Having an entire season devoted to my own work is a true gift – and the fact that
Profile Theatre is in my home town makes it all the more magical.” ~ TB

Tanya Barfield is from Portland, Oregon. Her play Bright Half Life premiered at the Women’s Project Theater and was a TimeOut Critic’s Pick. Her play The Call premiered at Playwrights Horizons in co-production with Primary Stages and was a Critic’s Pick for the New York Times. Blue Door (South Coast Rep, Playwrights Horizons) was nominated for a Pulitzer Prize. Other work includes: Feast (co-writer, Young Vic/Royal Court), Of Equal Measure (Center Theatre Group), Chat (New Dramatists’ Playtime Festival), and The Quick (New York Stage & Film). A recipient of a Lilly Award, the inaugural Lilly Award Commission and a Helen Merrill Award, Tanya is a proud alumna of New Dramatists and a member of The Dramatist Guild Council. She has written for the upcoming Starz series, The One Percent. She currently writes for The Americans on FX.

Learn about the 2016 Season here.

Like Fingers Clasped Together: The Work of Tanya Barfield
by Hannah Fattor, Profile Theatre Dramaturgy Intern

Like fingers clasped together, relationships and conversations overlap in Tanya Barfield’s plays.  Characters speak over their past and future selves, interact with forefathers long dead, and flicker through time in an exploration of how human beings define themselves through personal history or ancestral memory.  Barfield’s own experiences as a bi-racial, gay woman and the depth of her research into historical and social contexts have infused her work with a sensitivity toward characters that are human beings rather than mouthpieces.  Instead of relying on patterns of storytelling to get across well-worn messages about the oppression of women or African-Americans or people in poverty, Barfield examines issues of sexuality, class, race, gender, politics, and love by focusing on details: the lies we tell to protect ourselves and those we care about; the truths we must face to grow as human beings; the people who challenge us in exciting or difficult ways; how we rise to meet those challenges, and fail, and rise again and again until the lesson is learned.  Barfield’s eyes are wide open, curious, seeking the nuances that affect large and painful issues of discrimination.  Her deep, careful research shines through in the complex characters she creates to communicate the struggles within her plays.

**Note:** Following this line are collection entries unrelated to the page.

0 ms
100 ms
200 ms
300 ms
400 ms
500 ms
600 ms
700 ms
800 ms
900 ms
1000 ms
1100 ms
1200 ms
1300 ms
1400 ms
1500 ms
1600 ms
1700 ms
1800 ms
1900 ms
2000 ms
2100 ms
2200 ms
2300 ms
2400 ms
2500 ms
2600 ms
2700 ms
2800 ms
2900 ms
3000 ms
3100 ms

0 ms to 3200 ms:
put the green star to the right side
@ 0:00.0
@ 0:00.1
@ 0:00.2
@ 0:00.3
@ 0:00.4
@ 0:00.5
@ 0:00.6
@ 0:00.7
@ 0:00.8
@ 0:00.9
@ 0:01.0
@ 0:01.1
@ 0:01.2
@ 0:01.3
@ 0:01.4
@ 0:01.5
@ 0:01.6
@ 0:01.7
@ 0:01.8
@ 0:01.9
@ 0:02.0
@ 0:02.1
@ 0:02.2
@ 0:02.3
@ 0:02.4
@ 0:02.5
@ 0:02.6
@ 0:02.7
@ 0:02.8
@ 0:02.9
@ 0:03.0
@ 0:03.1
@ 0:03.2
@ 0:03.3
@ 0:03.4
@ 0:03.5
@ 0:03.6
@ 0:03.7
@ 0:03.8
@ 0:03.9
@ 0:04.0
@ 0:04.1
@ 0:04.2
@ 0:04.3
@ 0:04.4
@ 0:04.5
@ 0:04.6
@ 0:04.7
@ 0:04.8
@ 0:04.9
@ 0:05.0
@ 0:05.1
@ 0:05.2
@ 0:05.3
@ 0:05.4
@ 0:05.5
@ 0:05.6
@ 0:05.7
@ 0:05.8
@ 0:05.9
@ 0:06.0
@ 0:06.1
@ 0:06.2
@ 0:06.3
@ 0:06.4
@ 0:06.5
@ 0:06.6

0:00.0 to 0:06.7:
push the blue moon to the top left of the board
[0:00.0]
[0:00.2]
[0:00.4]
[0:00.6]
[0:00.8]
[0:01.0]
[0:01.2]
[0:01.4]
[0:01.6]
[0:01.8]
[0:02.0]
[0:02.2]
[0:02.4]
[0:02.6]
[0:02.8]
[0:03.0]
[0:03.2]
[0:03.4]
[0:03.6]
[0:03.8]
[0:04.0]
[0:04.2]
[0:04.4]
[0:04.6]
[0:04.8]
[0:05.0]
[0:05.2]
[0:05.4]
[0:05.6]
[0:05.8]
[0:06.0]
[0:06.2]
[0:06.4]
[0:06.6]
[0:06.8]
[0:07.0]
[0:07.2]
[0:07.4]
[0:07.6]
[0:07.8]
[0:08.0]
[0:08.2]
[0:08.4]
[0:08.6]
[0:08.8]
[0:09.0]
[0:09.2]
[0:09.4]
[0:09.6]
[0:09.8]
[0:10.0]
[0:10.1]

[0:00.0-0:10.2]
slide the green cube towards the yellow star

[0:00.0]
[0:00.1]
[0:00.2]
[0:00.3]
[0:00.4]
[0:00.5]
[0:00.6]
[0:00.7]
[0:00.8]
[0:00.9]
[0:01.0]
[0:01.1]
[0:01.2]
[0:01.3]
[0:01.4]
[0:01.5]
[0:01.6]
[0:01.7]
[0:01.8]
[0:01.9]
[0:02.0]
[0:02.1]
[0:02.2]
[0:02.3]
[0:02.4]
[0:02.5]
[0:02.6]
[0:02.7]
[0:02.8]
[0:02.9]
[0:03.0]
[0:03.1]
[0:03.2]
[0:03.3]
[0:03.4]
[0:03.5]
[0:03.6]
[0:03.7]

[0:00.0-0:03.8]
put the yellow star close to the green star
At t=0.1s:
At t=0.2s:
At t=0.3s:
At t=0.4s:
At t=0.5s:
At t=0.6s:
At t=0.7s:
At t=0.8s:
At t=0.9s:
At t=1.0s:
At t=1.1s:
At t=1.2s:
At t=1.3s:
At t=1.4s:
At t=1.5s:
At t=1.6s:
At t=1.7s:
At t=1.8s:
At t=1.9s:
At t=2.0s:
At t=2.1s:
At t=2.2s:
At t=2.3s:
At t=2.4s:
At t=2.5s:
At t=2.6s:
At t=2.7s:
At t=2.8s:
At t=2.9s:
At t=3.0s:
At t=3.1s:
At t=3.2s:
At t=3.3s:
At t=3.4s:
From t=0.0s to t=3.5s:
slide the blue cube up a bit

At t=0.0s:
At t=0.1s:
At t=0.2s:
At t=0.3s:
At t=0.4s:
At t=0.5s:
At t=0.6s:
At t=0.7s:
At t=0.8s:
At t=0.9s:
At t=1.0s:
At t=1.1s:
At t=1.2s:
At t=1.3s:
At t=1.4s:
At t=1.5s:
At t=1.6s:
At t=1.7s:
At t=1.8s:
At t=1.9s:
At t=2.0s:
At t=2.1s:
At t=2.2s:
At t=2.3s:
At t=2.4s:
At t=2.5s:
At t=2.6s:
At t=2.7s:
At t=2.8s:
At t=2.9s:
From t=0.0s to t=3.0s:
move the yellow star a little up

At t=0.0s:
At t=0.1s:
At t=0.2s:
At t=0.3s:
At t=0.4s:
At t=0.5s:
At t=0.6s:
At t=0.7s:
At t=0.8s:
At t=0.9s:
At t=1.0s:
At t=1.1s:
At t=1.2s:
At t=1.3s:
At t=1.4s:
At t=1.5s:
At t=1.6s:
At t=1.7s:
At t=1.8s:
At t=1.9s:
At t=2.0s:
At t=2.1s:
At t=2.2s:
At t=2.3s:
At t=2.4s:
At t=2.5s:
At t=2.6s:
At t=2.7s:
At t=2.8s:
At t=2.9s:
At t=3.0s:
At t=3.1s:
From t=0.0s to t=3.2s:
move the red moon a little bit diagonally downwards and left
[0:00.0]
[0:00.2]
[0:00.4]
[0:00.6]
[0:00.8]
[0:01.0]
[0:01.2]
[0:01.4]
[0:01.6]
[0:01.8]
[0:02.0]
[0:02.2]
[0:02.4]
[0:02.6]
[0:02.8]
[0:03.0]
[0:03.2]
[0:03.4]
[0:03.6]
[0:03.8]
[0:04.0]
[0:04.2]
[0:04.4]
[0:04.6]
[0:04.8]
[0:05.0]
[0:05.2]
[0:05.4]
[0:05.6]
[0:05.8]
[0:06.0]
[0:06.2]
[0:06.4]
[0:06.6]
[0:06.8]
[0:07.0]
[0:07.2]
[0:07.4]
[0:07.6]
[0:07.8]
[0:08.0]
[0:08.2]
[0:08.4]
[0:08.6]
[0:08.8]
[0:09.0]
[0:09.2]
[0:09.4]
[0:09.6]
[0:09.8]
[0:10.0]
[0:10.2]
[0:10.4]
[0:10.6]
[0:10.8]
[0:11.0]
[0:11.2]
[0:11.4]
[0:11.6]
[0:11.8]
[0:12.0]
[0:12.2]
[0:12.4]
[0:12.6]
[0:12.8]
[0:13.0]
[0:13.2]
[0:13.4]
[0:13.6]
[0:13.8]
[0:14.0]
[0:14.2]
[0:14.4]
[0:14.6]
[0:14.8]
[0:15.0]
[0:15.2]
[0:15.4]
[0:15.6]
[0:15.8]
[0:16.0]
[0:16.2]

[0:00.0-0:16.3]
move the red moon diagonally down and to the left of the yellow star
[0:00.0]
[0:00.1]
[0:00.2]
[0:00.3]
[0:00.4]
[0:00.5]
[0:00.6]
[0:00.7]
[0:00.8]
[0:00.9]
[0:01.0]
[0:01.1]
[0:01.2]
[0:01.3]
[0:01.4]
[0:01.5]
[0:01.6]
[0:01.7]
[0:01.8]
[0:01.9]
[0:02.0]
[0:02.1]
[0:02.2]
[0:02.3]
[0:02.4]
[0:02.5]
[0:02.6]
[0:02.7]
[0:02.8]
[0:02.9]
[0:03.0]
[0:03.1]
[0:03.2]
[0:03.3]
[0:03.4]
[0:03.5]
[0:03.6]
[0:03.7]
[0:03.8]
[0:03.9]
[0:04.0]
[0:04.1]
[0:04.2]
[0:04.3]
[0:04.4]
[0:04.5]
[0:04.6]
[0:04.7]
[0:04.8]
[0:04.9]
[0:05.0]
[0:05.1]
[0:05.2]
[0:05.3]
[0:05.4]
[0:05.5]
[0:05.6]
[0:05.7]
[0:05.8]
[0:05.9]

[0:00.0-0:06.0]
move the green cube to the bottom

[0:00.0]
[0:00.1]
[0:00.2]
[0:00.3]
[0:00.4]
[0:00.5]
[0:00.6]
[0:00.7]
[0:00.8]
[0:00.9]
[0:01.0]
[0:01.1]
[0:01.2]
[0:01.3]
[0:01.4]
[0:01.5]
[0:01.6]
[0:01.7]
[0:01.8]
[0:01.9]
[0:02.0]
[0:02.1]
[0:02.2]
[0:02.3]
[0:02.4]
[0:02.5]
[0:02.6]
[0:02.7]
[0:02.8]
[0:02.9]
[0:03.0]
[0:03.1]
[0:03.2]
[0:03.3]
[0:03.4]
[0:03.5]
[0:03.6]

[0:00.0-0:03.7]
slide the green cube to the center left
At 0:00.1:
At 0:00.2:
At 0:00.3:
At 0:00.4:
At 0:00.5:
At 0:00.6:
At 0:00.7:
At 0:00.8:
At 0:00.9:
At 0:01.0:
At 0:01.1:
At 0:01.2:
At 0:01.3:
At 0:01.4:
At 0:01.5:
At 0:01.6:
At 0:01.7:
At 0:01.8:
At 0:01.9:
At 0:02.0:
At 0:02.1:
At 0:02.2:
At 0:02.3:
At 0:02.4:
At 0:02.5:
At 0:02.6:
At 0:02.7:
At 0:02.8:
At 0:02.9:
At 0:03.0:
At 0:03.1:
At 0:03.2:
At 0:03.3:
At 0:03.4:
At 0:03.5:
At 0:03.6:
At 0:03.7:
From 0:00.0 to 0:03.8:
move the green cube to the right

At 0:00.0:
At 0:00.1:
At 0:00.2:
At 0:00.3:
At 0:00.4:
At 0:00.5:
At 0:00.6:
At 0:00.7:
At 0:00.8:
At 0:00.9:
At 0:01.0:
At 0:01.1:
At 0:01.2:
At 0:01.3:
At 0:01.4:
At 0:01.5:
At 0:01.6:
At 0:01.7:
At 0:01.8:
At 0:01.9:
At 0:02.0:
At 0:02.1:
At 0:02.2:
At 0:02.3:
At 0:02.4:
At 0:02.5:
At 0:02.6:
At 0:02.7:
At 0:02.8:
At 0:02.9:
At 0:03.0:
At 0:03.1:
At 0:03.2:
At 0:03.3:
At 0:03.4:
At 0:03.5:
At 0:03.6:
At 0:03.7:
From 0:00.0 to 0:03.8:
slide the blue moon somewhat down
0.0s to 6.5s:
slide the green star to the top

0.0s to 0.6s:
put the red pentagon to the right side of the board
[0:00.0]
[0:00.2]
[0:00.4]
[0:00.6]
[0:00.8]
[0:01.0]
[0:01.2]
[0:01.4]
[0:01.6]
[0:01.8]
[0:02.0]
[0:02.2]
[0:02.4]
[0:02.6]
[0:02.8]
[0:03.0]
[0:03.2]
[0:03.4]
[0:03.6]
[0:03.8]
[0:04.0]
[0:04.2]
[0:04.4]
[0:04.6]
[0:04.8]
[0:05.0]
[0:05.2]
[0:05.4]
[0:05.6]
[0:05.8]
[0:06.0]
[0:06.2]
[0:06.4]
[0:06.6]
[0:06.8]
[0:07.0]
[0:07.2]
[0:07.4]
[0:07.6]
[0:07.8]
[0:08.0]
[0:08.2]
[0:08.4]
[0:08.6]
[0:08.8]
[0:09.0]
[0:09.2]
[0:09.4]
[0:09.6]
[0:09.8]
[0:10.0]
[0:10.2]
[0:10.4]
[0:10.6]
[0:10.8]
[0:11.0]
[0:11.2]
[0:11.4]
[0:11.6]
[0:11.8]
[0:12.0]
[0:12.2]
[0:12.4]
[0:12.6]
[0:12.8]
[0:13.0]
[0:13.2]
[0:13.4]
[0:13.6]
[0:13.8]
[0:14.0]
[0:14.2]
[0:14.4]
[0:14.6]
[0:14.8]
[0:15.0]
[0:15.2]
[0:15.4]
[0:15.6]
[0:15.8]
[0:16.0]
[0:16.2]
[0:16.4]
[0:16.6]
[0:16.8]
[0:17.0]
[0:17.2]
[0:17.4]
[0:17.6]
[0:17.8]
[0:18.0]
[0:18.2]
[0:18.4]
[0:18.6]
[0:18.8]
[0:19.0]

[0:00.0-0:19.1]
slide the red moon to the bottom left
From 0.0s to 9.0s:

Above all, Tanya Barfield places a deep trust in her actors. She initially went to school for acting (before she learned that playwrighting was not a dead profession), and her minimalist staging, tight back-and-forth dialogue, and tight character shifts rely on skilled performers to bring her ideas to life.  Barfield’s plays are filled with conversations both halting and harried, insightful and disjointed, honest and oblivious.  She skillfully clips words too painful to speak and tangles dialogue together as characters either connect with each other to the point of finishing each other’s sentences, or fail to understand each other when grievances are ignored.  Through snarled arguments and honest, uncomfortable dialogues Barfield expresses how difficult and yet how necessary conversation is.  Not every exchange is a debate with a clear winner at the end; at times it is simply necessary to speak with one another.

In these conversations, Barfield interweaves the many identities that one character inhabits with the many identities that other characters inhabit.  These various identities do not contradict each other; they intersect and conflict but they make up a whole human being.  People suffer when they reject aspects of themselves, from racial and class backgrounds to sexuality and love. Yet, as she folds the past and present together, Barfield reveals that no one is incapable of change if they can recognize and discuss their perspective on the world, however flawed it may be.  Through connection and honest conversation, progress is possible.